AVAILABLE DATA.
::::

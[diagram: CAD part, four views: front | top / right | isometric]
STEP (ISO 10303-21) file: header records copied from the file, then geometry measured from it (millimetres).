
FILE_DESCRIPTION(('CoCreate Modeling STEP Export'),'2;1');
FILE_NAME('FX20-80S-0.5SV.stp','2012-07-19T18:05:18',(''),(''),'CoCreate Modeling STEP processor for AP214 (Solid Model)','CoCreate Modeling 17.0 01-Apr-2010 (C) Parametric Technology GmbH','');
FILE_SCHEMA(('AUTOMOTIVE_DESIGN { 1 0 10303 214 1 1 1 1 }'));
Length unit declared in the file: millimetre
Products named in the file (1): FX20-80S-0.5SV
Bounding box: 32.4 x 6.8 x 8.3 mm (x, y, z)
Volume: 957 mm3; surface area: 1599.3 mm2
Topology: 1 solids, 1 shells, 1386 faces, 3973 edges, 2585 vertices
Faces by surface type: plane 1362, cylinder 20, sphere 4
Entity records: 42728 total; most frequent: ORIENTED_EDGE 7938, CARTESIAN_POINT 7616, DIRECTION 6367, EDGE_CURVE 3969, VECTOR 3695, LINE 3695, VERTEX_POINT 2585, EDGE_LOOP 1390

::::

THE TASK. Reproduce the material above without altering a single character.

COMPLETED EXERCISE.
[diagram: CAD part, four views: front | top / right | isometric]
STEP (ISO 10303-21) file: header records copied from the file, then geometry measured from it (millimetres).
FILE_DESCRIPTION(('CoCreate Modeling STEP Export'),'2;1');
FILE_NAME('FX20-80S-0.5SV.stp','2012-07-19T18:05:18',(''),(''),'CoCreate Modeling STEP processor for AP214 (Solid Model)','CoCreate Modeling 17.0 01-Apr-2010 (C) Parametric Technology GmbH','');
FILE_SCHEMA(('AUTOMOTIVE_DESIGN { 1 0 10303 214 1 1 1 1 }'));
Length unit declared in the file: millimetre
Products named in the file (1): FX20-80S-0.5SV
Bounding box: 32.4 x 6.8 x 8.3 mm (x, y, z)
Volume: 957 mm3; surface area: 1599.3 mm2
Topology: 1 solids, 1 shells, 1386 faces, 3973 edges, 2585 vertices
Faces by surface type: plane 1362, cylinder 20, sphere 4
Entity records: 42728 total; most frequent: ORIENTED_EDGE 7938, CARTESIAN_POINT 7616, DIRECTION 6367, EDGE_CURVE 3969, VECTOR 3695, LINE 3695, VERTEX_POINT 2585, EDGE_LOOP 1390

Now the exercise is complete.